**What to work on:** Find the line with "231.861C226.791 185.356 187.648" in the listing below. Write it out exactly, along with every later line up to the final one.

**Information supplied:**
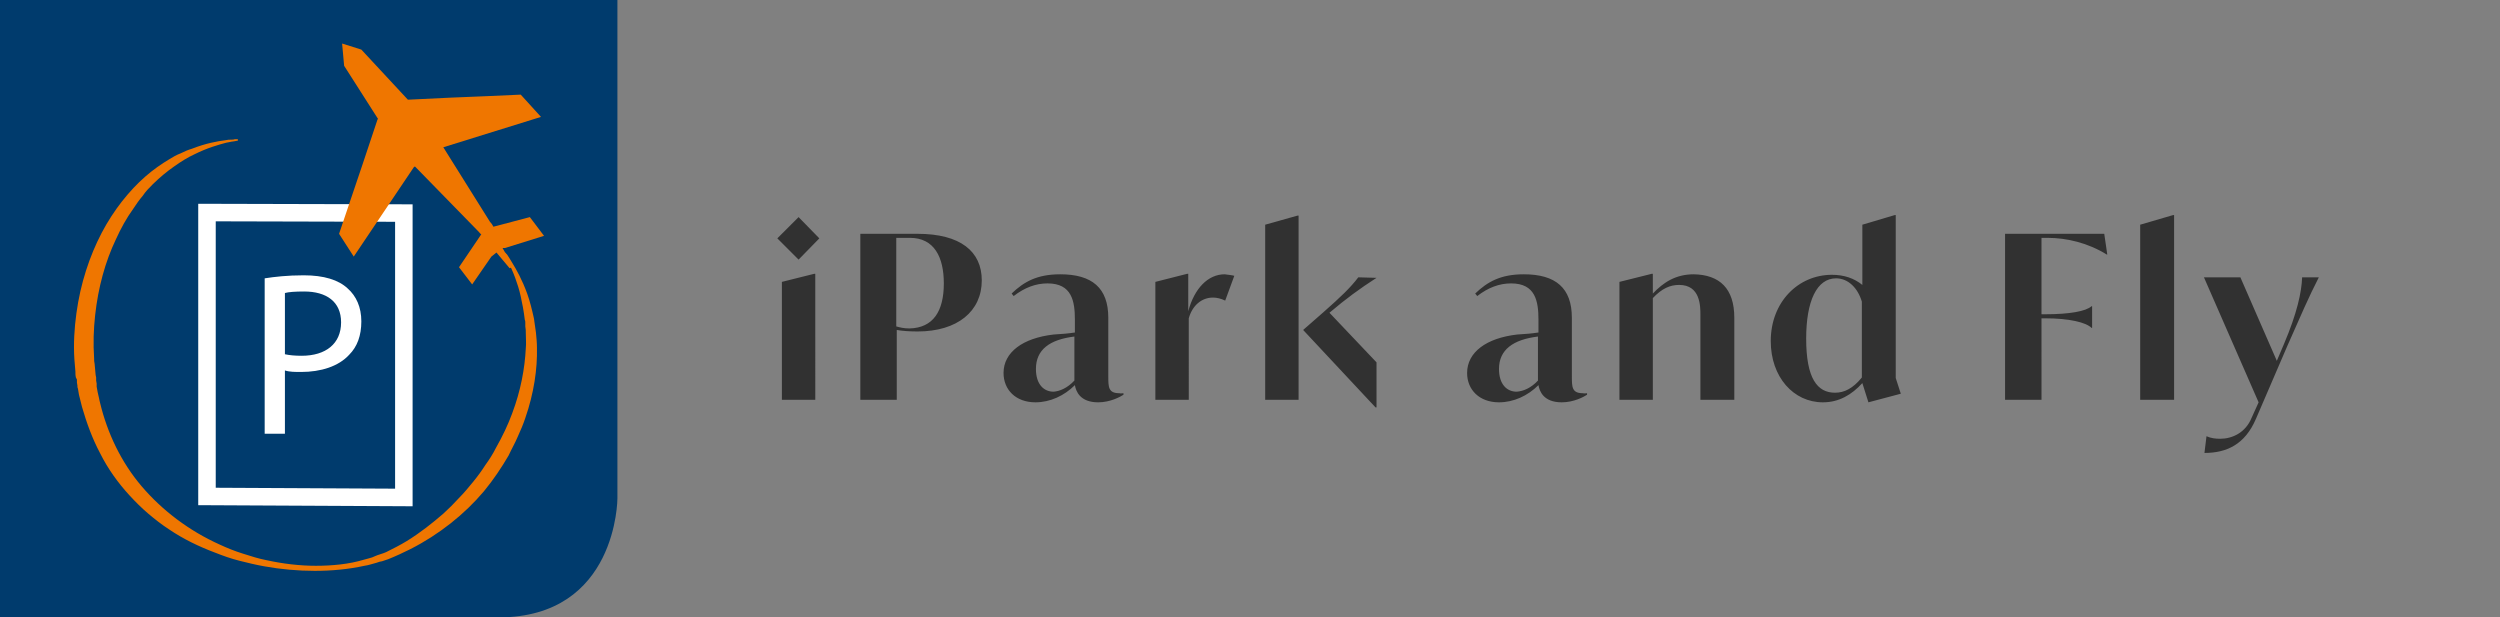 <svg version="1.1" id="Ebene_1" xmlns="http://www.w3.org/2000/svg" xmlns:xlink="http://www.w3.org/1999/xlink" x="0" y="0" viewBox="0 0 494 122" xml:space="preserve"><rect x="0" y="0" width="494" height="122" fill="#808080" stroke="none"/><style>.st5{clip-path:url(#SVGID_4_);fill:#ef7600}</style><path d="M0 0h122v98.5s0 23.5-23.5 23.5H0V0z" fill="#003b6d"/><path d="M153.6 47.1l4.2-4.2 4.1 4.2-4.1 4.2-4.2-4.2zm.9 8.6l6.4-1.6h.2V79h-6.6V55.7zm39.5-.3c0 6.1-4.8 10.1-12.7 10.1-1.4 0-3.1-.1-4.1-.3V79H170V46.2h11.3c8.5 0 12.7 3.5 12.7 9.2zm-7.5.6c0-5.2-1.9-9-6.7-9h-2.7v17.5c.7.2 1.5.4 2.6.4 4.7-.1 6.8-3.4 6.8-8.9zM222 77.7v.3c-.6.4-2.6 1.5-5 1.5-3.6 0-4.4-2.2-4.6-3.4-2.1 2.1-4.9 3.4-7.8 3.4-3.9 0-6.3-2.5-6.3-5.8 0-4.1 3.8-6.9 9.9-7.6 1.7-.1 2.9-.2 4.2-.4v-2.5c0-3.7-.6-7.2-5.4-7.2-2.3 0-4.5.8-6.7 2.5l-.4-.5c2.4-2.3 5-3.8 9.6-3.8 6.3 0 9.5 2.7 9.5 8.6v11.5c0 2.2 0 3.4 2.2 3.4.2.1.5 0 .8 0zm-9.7-2.5v-8.7c-4.9.6-7.6 2.6-7.6 6.4 0 3.1 1.6 4.5 3.5 4.5 1.2-.1 2.7-.7 4.1-2.2zm31.6-20.7l-1.8 4.9c-.8-.4-1.7-.6-2.4-.6-2.3 0-4.1 1.6-4.8 4.1V79h-6.6V55.7l6.3-1.6h.2v7.4c1.2-4.5 3.9-7.3 7.2-7.3.8.1 1.6.2 1.9.3zm12.5-11.9h.2V79H250V44.4l6.4-1.8zM272 54.9c-3.4 2.2-6 4.1-9.3 6.9l9.3 9.8v8.9h-.2l-14.3-15.3 4-3.5c3.5-3.1 5.3-4.8 6.9-6.9l3.6.1zm41.6 22.8v.3c-.6.4-2.6 1.5-5 1.5-3.6 0-4.4-2.2-4.6-3.4-2.1 2.1-4.9 3.4-7.8 3.4-3.9 0-6.3-2.5-6.3-5.8 0-4.1 3.8-6.9 9.9-7.6 1.7-.1 2.9-.2 4.2-.4v-2.5c0-3.7-.6-7.2-5.4-7.2-2.3 0-4.5.8-6.7 2.5l-.4-.5c2.4-2.3 5-3.8 9.6-3.8 6.3 0 9.5 2.7 9.5 8.6v11.5c0 2.2 0 3.4 2.2 3.4.3.1.5 0 .8 0zm-9.7-2.5v-8.7c-4.9.6-7.7 2.6-7.7 6.4 0 3.1 1.6 4.5 3.5 4.5 1.3-.1 2.8-.7 4.2-2.2zm38.8-12.4V79H336V62.2c0-1.7 0-5.9-4.2-5.9-1.8 0-3.4.7-5.2 2.6V79H320V55.7l6.4-1.6h.2V58c2.1-2.2 4.5-3.8 8.1-3.8 5.1.1 8 2.8 8 8.6zm26.5 16.7l-1.2-3.8c-2.1 2.3-4.6 3.8-7.8 3.8-5.8 0-10.3-5-10.3-12.1 0-7.7 5.4-13.1 12.1-13.1 2.4 0 4.4.7 6 2V44.4l6.4-1.9h.2v32.2l1 3.1-6.4 1.7zm-1.3-4.9v-15c-.8-2.7-2.7-4.6-5.1-4.6-3.8 0-5.9 4.5-5.9 11.9 0 7.9 2.2 10.7 5.7 10.7 1.8 0 3.5-.8 5.3-3zm35.5-27.5v15h.7c4.9 0 8.1-.6 9.2-1.6h.1v4.3h-.1c-1.1-1.1-4.4-1.9-9.2-1.9h-.7V79h-7.2V46.2h19.6l.6 4.1h-.1c-3.7-2.3-7.9-3.3-11.7-3.3h-1.2zm19.5-2.7l6.5-1.9h.2V79h-6.7V44.4zm35.3 10.4c-2 3.9-3.5 7.4-6.2 13.5l-6.2 14.4c-2.2 5.2-5.9 6.8-10.2 6.8l.4-3.3c.9.4 1.8.5 2.7.5 2.4 0 5-1.2 6.2-4.1l1.4-3.1-10.8-24.7h7.2l7.2 16.5 1.4-3.3c2.6-6.1 3.5-10.3 3.6-13.2h3.3z" fill="#313131"/><defs><path id="SVGID_1_" d="M-1.3-1.6h124.6V123H-1.3z"/></defs><clipPath id="SVGID_2_"><use xlink:href="#SVGID_1_" overflow="visible"/></clipPath><path clip-path="url(#SVGID_2_)" fill="none" stroke="#fff" stroke-width="3.46" stroke-miterlimit="10" d="M79.8 98.3l-38.9-.2V42l38.9.1z"/><g clip-path="url(#SVGID_2_)"><defs><path id="SVGID_3_" d="M-1.3-1.6h124.6V123H-1.3z"/></defs><clipPath id="SVGID_4_"><use xlink:href="#SVGID_3_" overflow="visible"/></clipPath><path class="st5" d="M99.8 49.9l.4.4c.3.4.5.8 1 1.6.8 1.3 2 3.4 3 6.2.5 1.4.9 3 1.3 4.8 0 .2.1.4.1.7 0 .2.1.5.1.7.1.5.1.9.2 1.4.1 1 .2 2 .2 3 .1 4.2-.6 9-2.3 13.9-.4 1.2-.9 2.4-1.5 3.7-.5 1.2-1.2 2.4-1.8 3.7-1.4 2.4-3 4.8-4.9 7.1-3.8 4.5-8.8 8.5-14.5 11.4-1.4.7-2.9 1.4-4.4 2l-.6.2-.3.1-.3.1-.5.1-.6.2c-.8.2-1.6.5-2.4.6-3.2.7-6.5 1-9.8 1-3.3 0-6.7-.3-10-.9-1.7-.3-3.3-.7-4.9-1.1-1.6-.4-3.3-1-4.8-1.6-3.2-1.2-6.3-2.7-9.1-4.6-1.4-.9-2.8-2-4.1-3.1-1.3-1.1-2.5-2.3-3.7-3.6-2.3-2.5-4.3-5.3-5.8-8.3-1.6-3-2.7-6.1-3.6-9.2l-.6-2.4c-.1-.4-.1-.8-.2-1.2l-.1-.3v-.3l-.1-.6V75l-.2-.4c-.1-.4-.1-.8-.1-1.2 0-.4-.1-.8-.1-1.2 0-.4-.1-.8-.1-1.2-.2-3.1 0-6.2.4-9.1.8-5.9 2.6-11.3 5-15.9 1.2-2.3 2.6-4.4 4-6.2 1.5-1.9 3-3.5 4.6-4.9 1.6-1.4 3.2-2.5 4.7-3.4.8-.5 1.5-.9 2.3-1.2.8-.4 1.5-.7 2.2-.9 2.8-1.1 5.1-1.5 6.7-1.7.4-.1.7-.1 1-.1.3 0 .6 0 .8-.1h.6v.3s-.2 0-.6.1c-.2 0-.4.1-.7.1-.3.1-.6.1-1 .2-1.5.4-3.7 1-6.3 2.3-1.3.6-2.6 1.4-4 2.4-.7.5-1.4 1-2.1 1.6-.7.6-1.4 1.2-2.1 1.9-.7.7-1.4 1.4-2 2.3-.7.8-1.3 1.7-1.9 2.6-1.3 1.8-2.4 3.8-3.4 6-2.1 4.4-3.5 9.5-4.1 15-.3 2.7-.4 5.6-.2 8.5 0 .4 0 .7.1 1.1 0 .4.1.7.1 1.1 0 .4.1.7.1 1.1l.1.5v.6l.1.6v.6c.1.4.1.7.2 1.1.2.7.3 1.5.5 2.2 1.4 5.8 4.1 11.6 8.2 16.4 4.1 4.8 9.4 8.8 15.4 11.5 1.5.7 3 1.3 4.6 1.8 1.6.5 3.1 1 4.7 1.3 3.2.7 6.5 1.1 9.7 1.1 3.2 0 6.5-.3 9.5-1.2.4-.1.8-.2 1.1-.3.4-.1.7-.2 1.1-.4l.5-.2.6-.2.3-.1.3-.1.5-.2c1.4-.7 2.8-1.4 4.1-2.2 2.6-1.6 5-3.5 7.2-5.4 1.1-1 2.1-2 3.1-3.1 1-1 1.9-2.1 2.8-3.2.9-1.1 1.7-2.2 2.4-3.3.8-1.1 1.5-2.2 2.1-3.4 1.3-2.3 2.4-4.6 3.2-6.8 1.7-4.5 2.5-8.9 2.7-12.9.1-1 0-1.9 0-2.9 0-.5 0-.9-.1-1.4v-.7c0-.2 0-.4-.1-.6-.2-1.7-.5-3.3-.8-4.6-.3-1.4-.7-2.6-1.1-3.7-.4-1.1-.8-1.9-1.1-2.6-.5-.9-.9-1.4-1.2-1.8-.2-.4.2-.3.2-.3l.1-.3z"/><path class="st5" d="M67.6 8.6l3.8 1.2 9.2 9.9 8.3-.4 7.3-.3 6.7-.3 4 4.4-19.3 6 9.2 14.7c.3.3.5.6.7 1l7.2-1.9 2.8 3.7-7.7 2.4h-.5l2.1 3.7-.7.3-2.6-3.1-1 .8-3.8 5.5-2.6-3.4 4.4-6.5c-.2-.1-.3-.3-.5-.5L82 32.9l-.2.1-11.9 17.7-2.9-4.5 2.3-6.8 2.3-6.8 3-9 .1-.1L68 13l-.4-4.4z"/><path d="M52.3 55c1.9-.3 4.5-.6 7.7-.6 4 0 6.9.9 8.7 2.6 1.7 1.5 2.7 3.7 2.7 6.5s-.8 5-2.4 6.6c-2.1 2.3-5.6 3.4-9.5 3.4-1.2 0-2.3 0-3.2-.3v12.5h-4V55zm4 15c.9.2 2 .3 3.3.3 4.8 0 7.8-2.4 7.8-6.6 0-4.1-2.9-6.1-7.3-6.1-1.8 0-3.1.1-3.8.3V70z" clip-path="url(#SVGID_4_)" fill="#fff"/></g></svg>
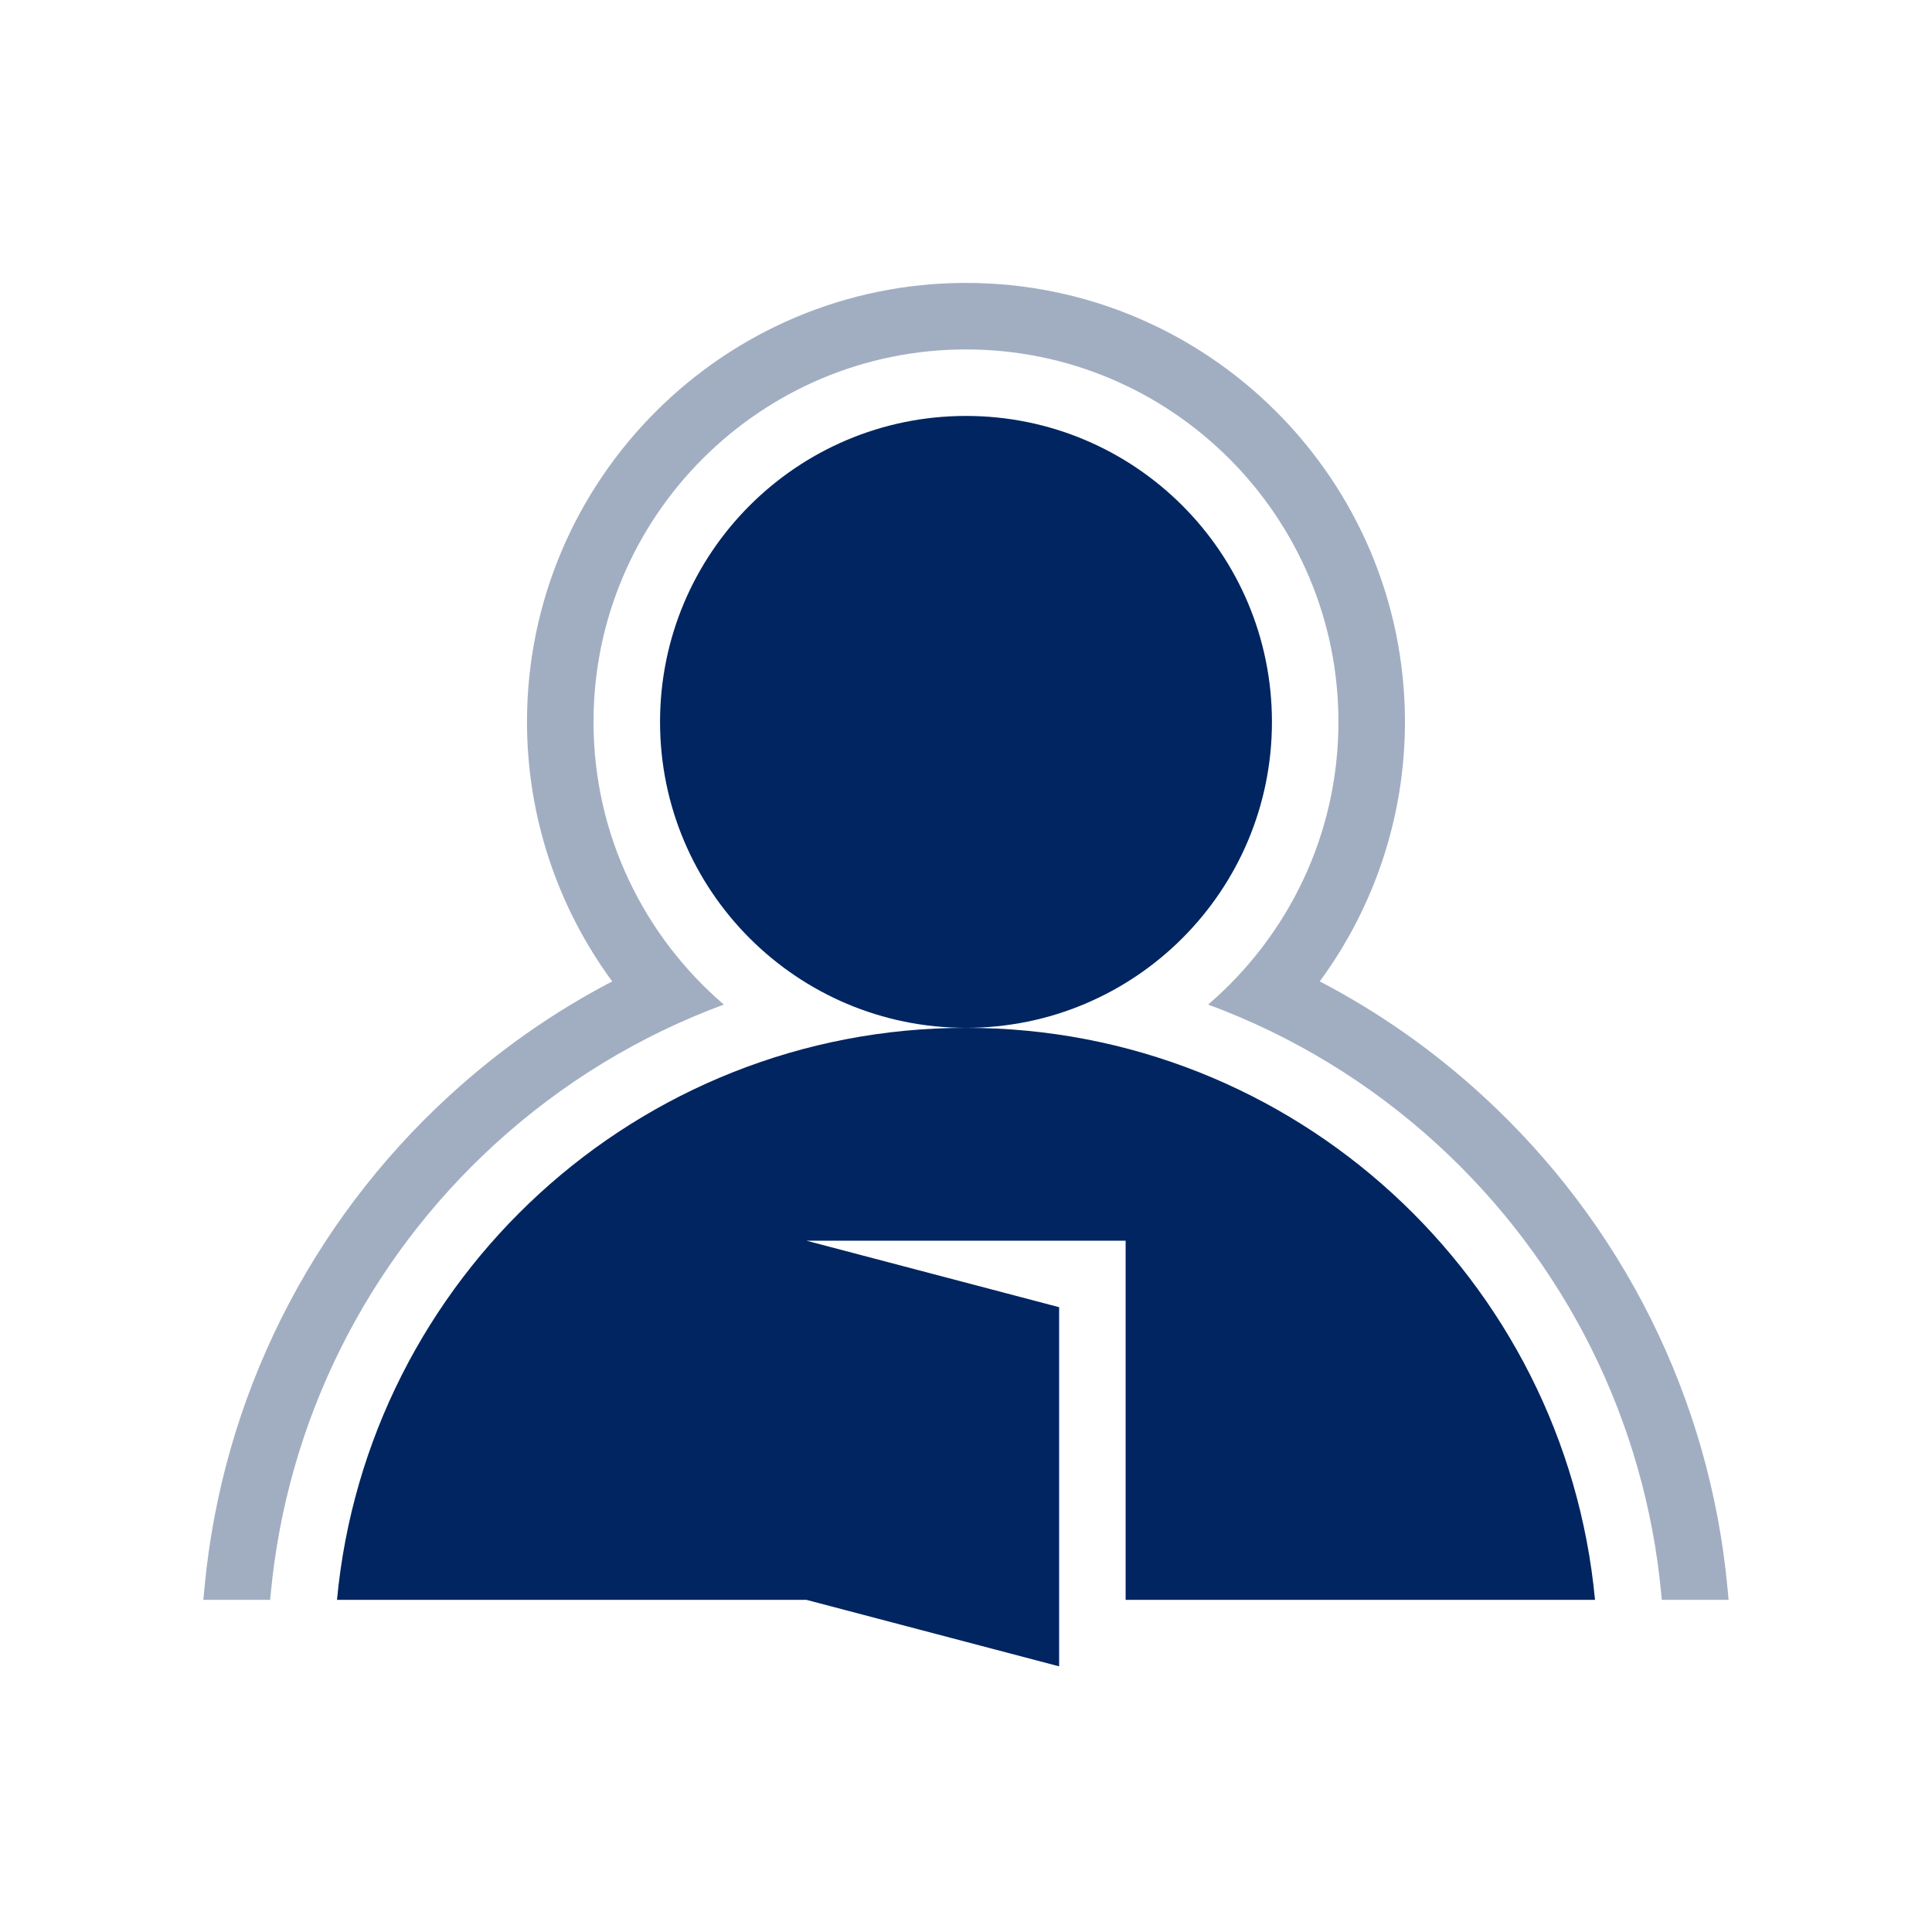 <svg width="280" height="280" viewBox="0 0 280 280" fill="none" xmlns="http://www.w3.org/2000/svg">
  <path fill-rule="evenodd" clip-rule="evenodd"
    d="M250.353 230.056L250.523 231.86H250.522H240.839L240.755 230.96H240.756C238.409 205.984 226.888 182.865 208.316 165.863C198.549 156.922 187.26 150.084 175.09 145.588C186.639 135.68 193.977 120.997 193.977 104.622C193.977 74.857 169.762 50.642 139.997 50.642C110.231 50.642 86.016 74.857 86.016 104.622C86.016 120.996 93.354 135.68 104.903 145.588C92.734 150.084 81.444 156.922 71.678 165.863C53.106 182.865 41.585 205.984 39.237 230.96L39.152 231.86H29.471L29.64 230.057C32.212 202.696 44.83 177.372 65.168 158.752C72.333 152.194 80.218 146.667 88.724 142.232C80.769 131.411 76.377 118.275 76.377 104.621C76.377 69.542 104.917 41.002 139.996 41.002C175.076 41.002 203.616 69.542 203.616 104.621C203.616 118.275 199.224 131.411 191.269 142.232C199.775 146.667 207.66 152.194 214.824 158.752C235.164 177.372 247.781 202.695 250.353 230.056Z"
    fill="#A1AEC2" />
  <path
    d="M139.999 148.962C164.487 148.962 184.339 129.11 184.339 104.622C184.339 80.133 164.487 60.281 139.999 60.281C115.51 60.281 95.658 80.133 95.658 104.622C95.658 129.11 115.51 148.962 139.999 148.962Z"
    fill="#002561" />
  <path
    d="M231.162 231.861C226.791 185.356 187.648 148.963 140 148.963C92.352 148.963 53.209 185.356 48.838 231.861H116.866L153.495 241.5V189.448L116.866 179.809H163.135V231.861H231.163H231.162Z"
    fill="#002561" />
</svg>

**Solution to the problem:**
    d="M231.162 231.861C226.791 185.356 187.648 148.963 140 148.963C92.352 148.963 53.209 185.356 48.838 231.861H116.866L153.495 241.5V189.448L116.866 179.809H163.135V231.861H231.163H231.162Z"
    fill="#002561" />
</svg>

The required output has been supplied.